Mises Daily Articles
Keynes’s Ghost Continues To Haunt Economics
When the U.S. economy dipped into an inflationary recession in 1969, Murray N. Rothbard in his introduction to the Second Edition of America’s Great Depression wrote that the Keynesian paradigm could not explain that phenomenon, but Austrian economics could explain what was happening. If Rothbard was correct — and he was — then one might believe Keynesian “economics” should have been deep-sixed permanently, given it could not explain what everyone saw happening.
Likewise, during the turbulent 1970s and 1980, the bouts of inflationary recessions grew worse and even die-hard political liberals such as ABC News’ economics correspondence, Dan Cordtz, bemoaned the fact that the “rules of economics” no longer seemed to apply. Those so-called rules were not laws of economics at all, but rather were dogma first given by John Maynard Keynes in his infamous work, The General Theory of Employment, Interest, and Money.

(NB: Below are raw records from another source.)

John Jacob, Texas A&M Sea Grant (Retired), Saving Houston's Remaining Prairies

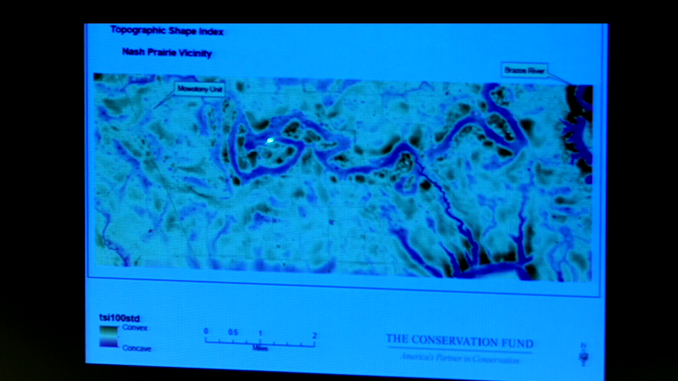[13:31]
So you can see that we've got, again, the purple areas are the wetter areas. The greener areas are the drier areas. So, again, short-range complexity in a landscape like this. This is the landscape we are about to lose. Highway 99 is going to come.
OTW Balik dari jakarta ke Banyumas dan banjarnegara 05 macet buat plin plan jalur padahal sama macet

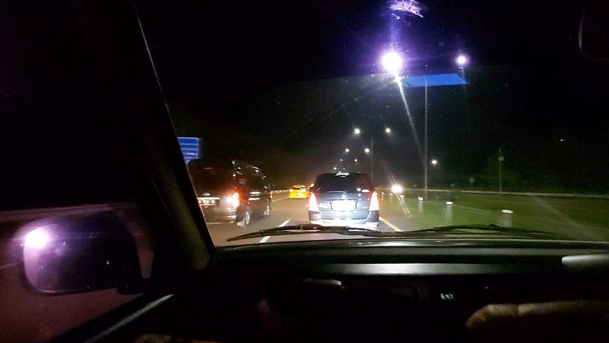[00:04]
Mana sama aja. Tuh ini mau pindah jalur ke kiri lagi. Rasa jalan sudah menurun. Jangan berhenti-berhenti. Capek banget kaki tuh. Pas kemarin berangkat itu merasa sekali.
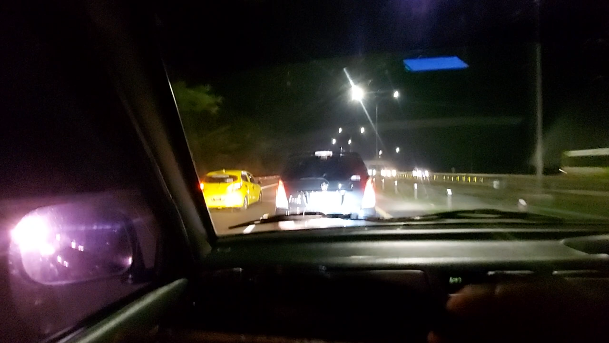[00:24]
Kopinya keras ya. Apa dia bisa kopi gitu. Enak itu ya. Jadi kayak enakan itu anu mek-mek yang belum basah gitu. Tuh kan, sebelah kiri jalan, sebelah sini enggak gitu.
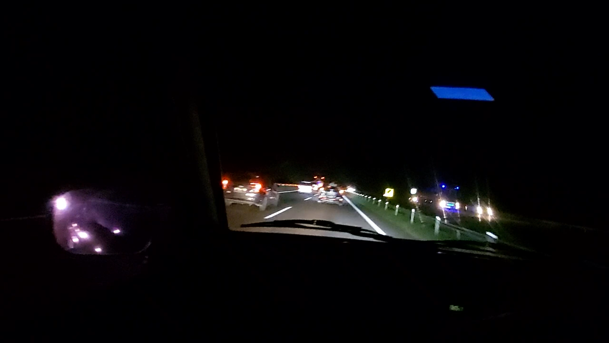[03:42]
Pada rusak mereka balik ke kanan, akhirnya mampet-mampetin aja itu karena orang tidak tertib ya begitu. Kalau dibiasakan tertib sebenarnya jalanan cuma satu jalur juga cukup dari Banten sampai ke itu.
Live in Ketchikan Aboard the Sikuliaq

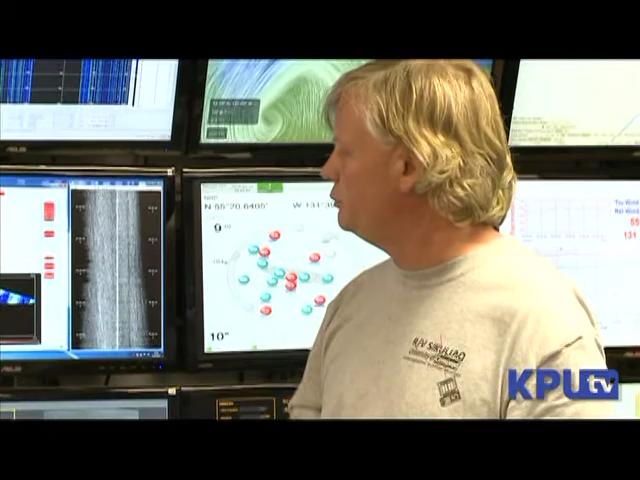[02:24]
We have an array of hydrophones under the vessel that we look at sound that the ship generates, or it could be a far-field sound. We could maybe pick up some clicks or whistles from citations.
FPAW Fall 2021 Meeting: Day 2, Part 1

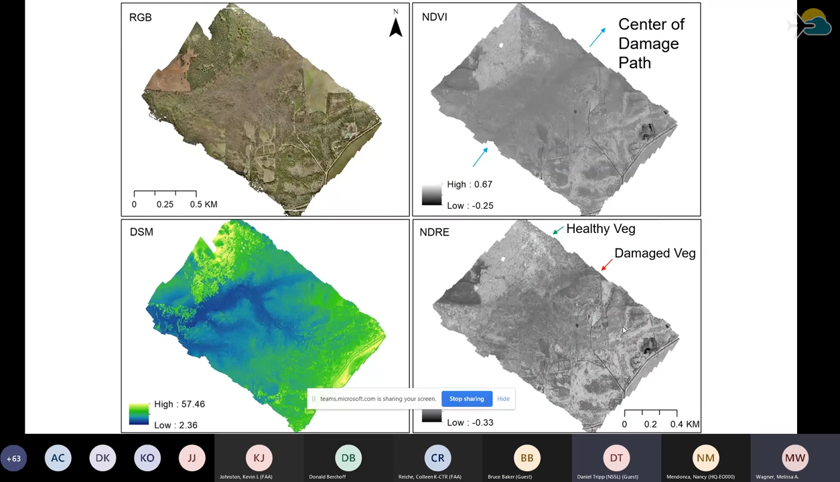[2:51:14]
is similar to the NDVI, but instead of using the near-infrared band, it shows the red edge band. And this captures a slight more variability in the damage based off its sensitivity to chlorophyll content. And this is just another result showing from the previous slide. So this is just taking, uh, showing some of the values that across the, across the damage path.
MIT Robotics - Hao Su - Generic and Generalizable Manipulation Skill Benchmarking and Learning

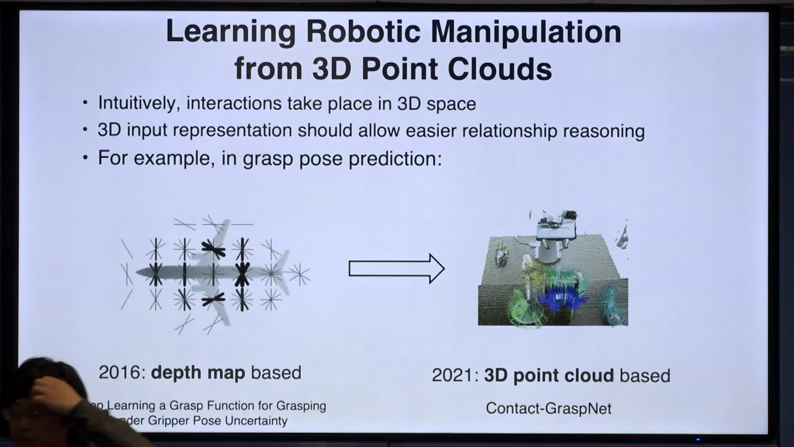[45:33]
And nowadays, you could check the paper of, like, grasp of post prediction. Most of them, I see the art, are based upon 3D. It's just like 3D is native for reasoning, like, relationships. So I would ask the question, now, if you will use, like, for example, reinforcement learning to do more complex skills.
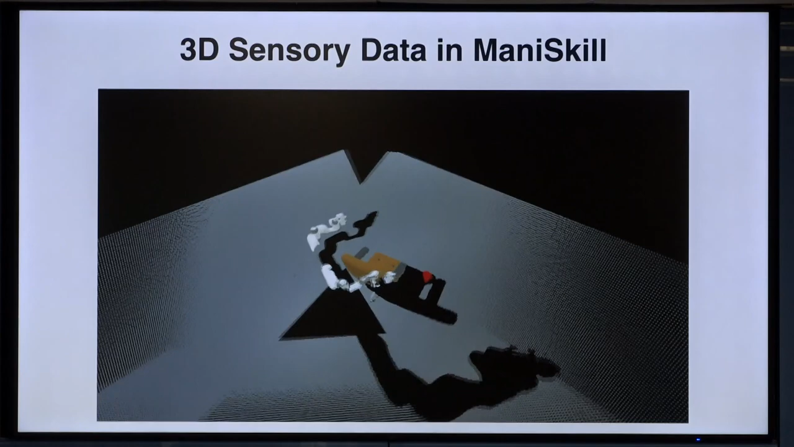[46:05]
Like here, this is how the robot captures the panoramic point cloud.
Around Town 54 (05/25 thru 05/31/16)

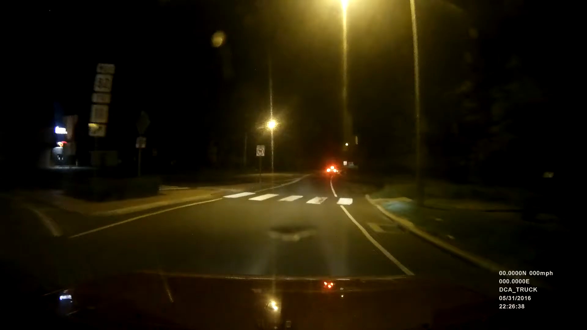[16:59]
go down with a smile on my face. There's this big area to pull over here, and you pull over up there. Stupid Volvo driver. You know, you could at least back up to that spot. That would make sense. Or you could pull up to this spot here. Or this spot here. Or you could pull off the road here.
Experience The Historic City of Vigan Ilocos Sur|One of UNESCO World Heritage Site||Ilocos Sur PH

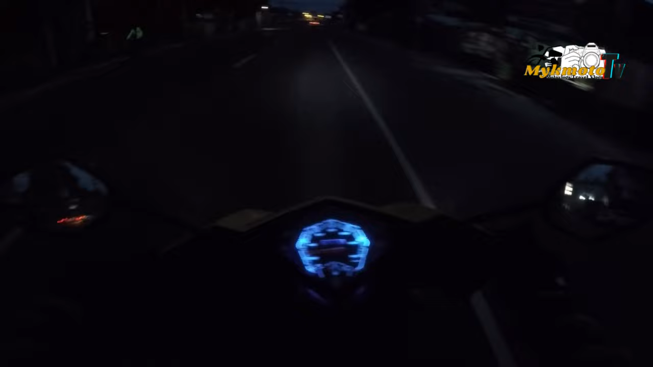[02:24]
Medyo madilim pang paligid. At the same time, maganda ang biyahe at malawag pang kalsada, walang masyadong traffic.
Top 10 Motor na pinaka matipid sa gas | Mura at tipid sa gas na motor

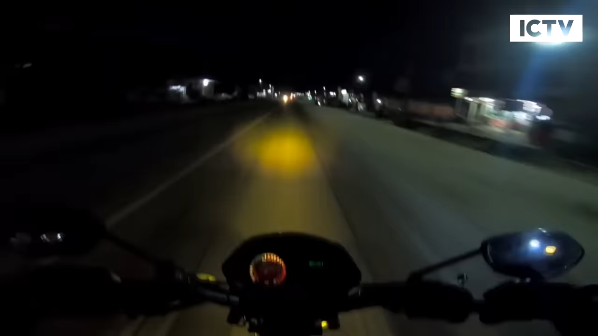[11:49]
Sinamahan na rin nito ng Optoprism multi-reflector headlamp na kaya magbigay ng 2.5 times brighter and wider beam area.
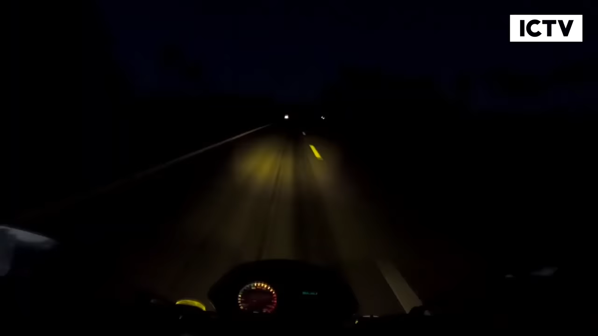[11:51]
Para hindi mahirapan ang mga kababayan nating namamasada tuwing gabi at madaling araw.
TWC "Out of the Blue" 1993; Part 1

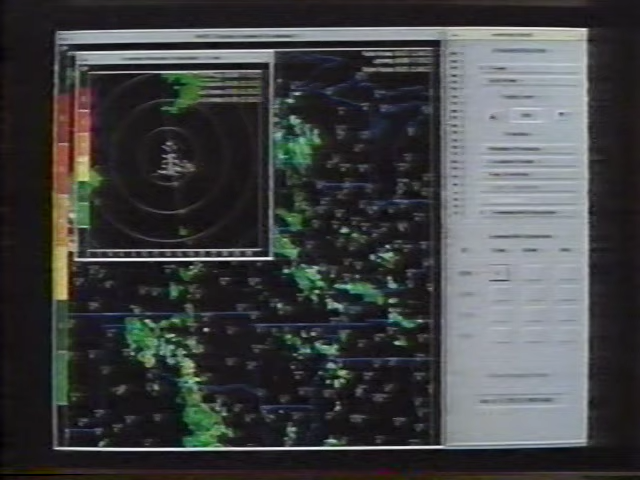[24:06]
But what we have in this laboratory are a number of display systems that are being designed to bring aviation weather to pilots, air traffic controllers, flight service specialists.
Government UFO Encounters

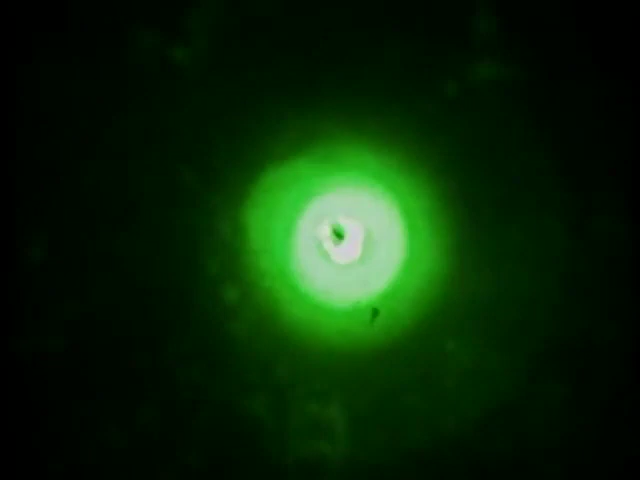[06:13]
intensity what it's going to do is it's going to burn out the image in the center so it's going to become black and that's what easily explains the beams and
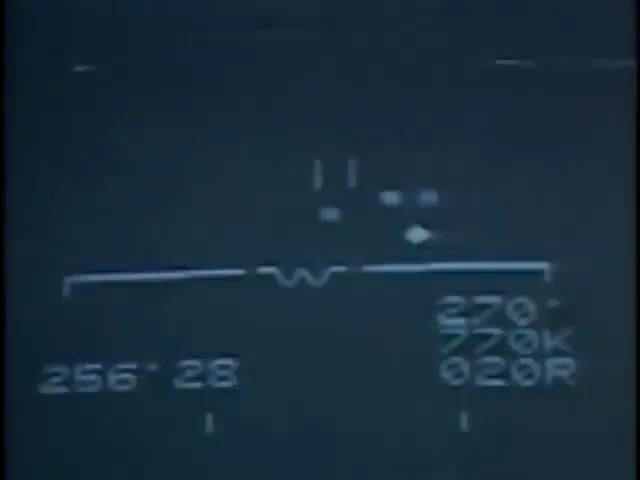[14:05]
but with each lock-on the object drastically
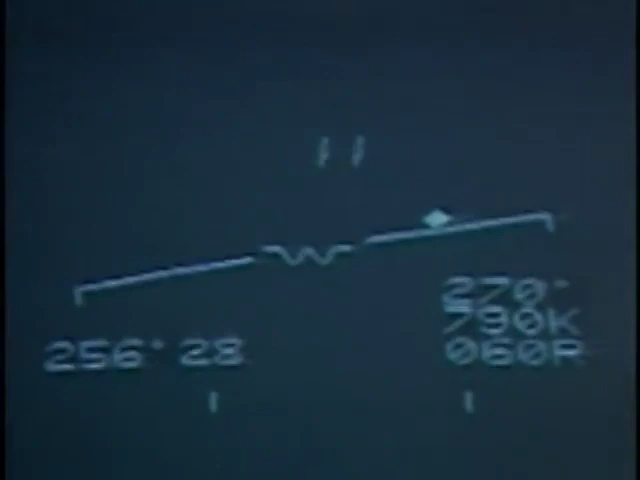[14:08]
changed its position after an hour the f-16s lost contact and returned to base for
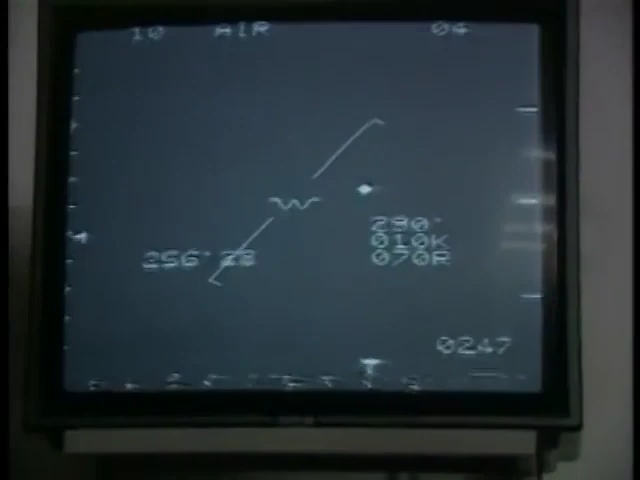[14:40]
this is what the pilots saw on their radar the ufo appears as a diamond in the center of the screen
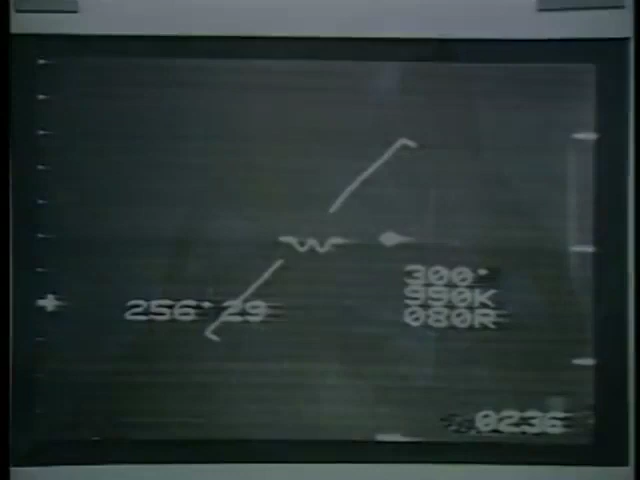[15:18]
between 150 knots till 990 knots an acceleration
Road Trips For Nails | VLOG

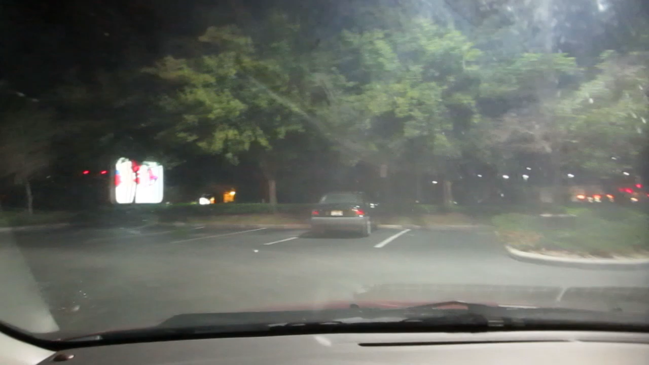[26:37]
see that sign it is a KFC and a Taco Bell and one I've never seen one of those
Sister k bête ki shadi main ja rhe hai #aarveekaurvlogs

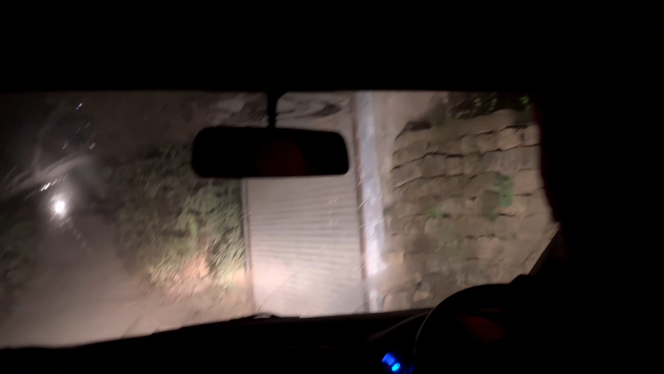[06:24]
गजी यह खाल्सा वाई भूची की पते है पते करेई आज अ वाइज यह हमारी रोड खत्रों के खिलाडी से कम नी है यह
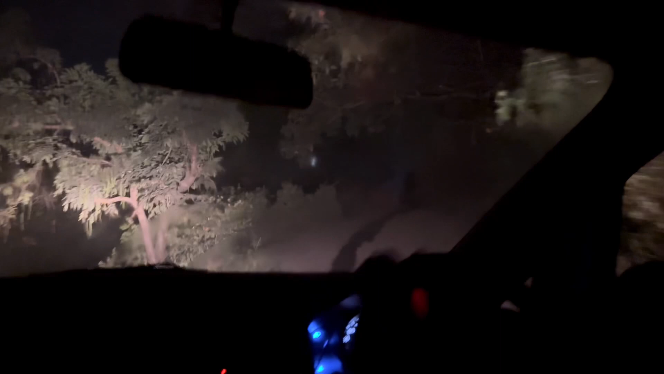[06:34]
पुरी खड़ी रोड है खड़ी बाई

Joyous economists such as Arthur Laffer, who espoused a form of what he and others called “Supply Side Economics,” declared that Keynesian “economics” was discredited, perhaps for good. The advent of three more inflationary recessions, including the current downturn, should have resulted in the permanent death of Keynesianism, but, alas, it seems that the Keynesian paradigm is more influential than ever.
Exhibit A is President Barack Obama who in 2009 shortly after taking office declared that America would “spend its way out” of the current recession.
Exhibit B has been Obama’s recent announcement that he would nominate Janet Yellen to head the Federal Reserve System. Yellen, not surprisingly, is a True Believing Keynesian.
Exhibit C is the ongoing popularity of Paul Krugman, who has done more than any other person in the world to promote Keynesianism and to demand it be applied, chapter and verse, to the world economy.
Exhibit D has been the continuing Keynesian policies of the Federal Reserve and the central bank of Japan.
Academic economists who hold to the “market test” view of economics should be puzzled. Here is a paradigm that claims there cannot be an inflationary recession, yet all of the recessions that have wracked the U.S. economy in recent decades have been inflationary. Furthermore, despite the spending of more than a trillion dollars in the name of the Keynesian “stimulus,” the economy continues to founder, as unemployment rates remain stubbornly high and millions of workers either have abandoned their search for work or work in part-time jobs just to keep food on the table.
Given the fact that both the George W. Bush and Barack Obama administrations (not to mention Congress) have followed the Keynesian playbook, the sorry results should be enough to discredit Keynesianism, this time for good. Either a theory explains and predicts phenomena or it does not, and it should be clear that Keynesian theory has failed.
Alas, the academic “market test” really does not embrace the actual success or failure of a theory. It seems that many academic economists do not wish to be bothered by what happens in the real world. The vaunted “market test” is not about actual results, but is about what many economists are willing to accept as what they wish to be true and what politicians believe is good for their own electoral purposes.
The assumption that comes with attempting to apply Eugene Fama’s “Perfect Market Hypothesis” to academic economics presupposes that economists are interested only in what actually occurs. Furthermore, the belief presumes that when presented with a set of facts, academic economists will give the same analysis and not be influenced by partisan politics.
Given the interpretations that economists such as Krugman, Alan Blinder, and others have made in the aftermath of the disastrous first week of “ObamaCare,” not to mention their shilling for the Obama administration itself, the latter is clearly untrue. Furthermore, we see there are “gains from trade,” as politicians tend to flock to those economists who can offer the proverbial “quick fix” to whatever ails the economy, as being seen as doing something confers more political benefits than doing the right thing, which is to curb the power, scope, and influence of state power.
Even Krugman admits that the appearance of expertise has fueled the Keynesian bandwagon:
In the 1930s you had a catastrophe, and if you were a public official or even just a layman looking for guidance and understanding, what did you get from institutionalists? Caricaturing, but only slightly, you got long, elliptical explanations that it all had deep historical roots and clearly there was no quick fix. Meanwhile, along came the Keynesians, who were model-oriented, and who basically said “Push this button” — increase G, and all will be well. And the experience of the wartime boom seemed to demonstrate that demand-side expansion did indeed work the way the Keynesians said it did.
In the past five years politicians have been pushing “button G” and all is not well. Yet, in this age of unrestrained government, the Keynesian promise of prosperity springing from massive government spending is attractive to politicians, economists, and public intellectuals. That it only makes things worse is irrelevant and beside the point. If the economy falters, politicians and academic economists blame capitalism, not Keynesianism, and they get away with it.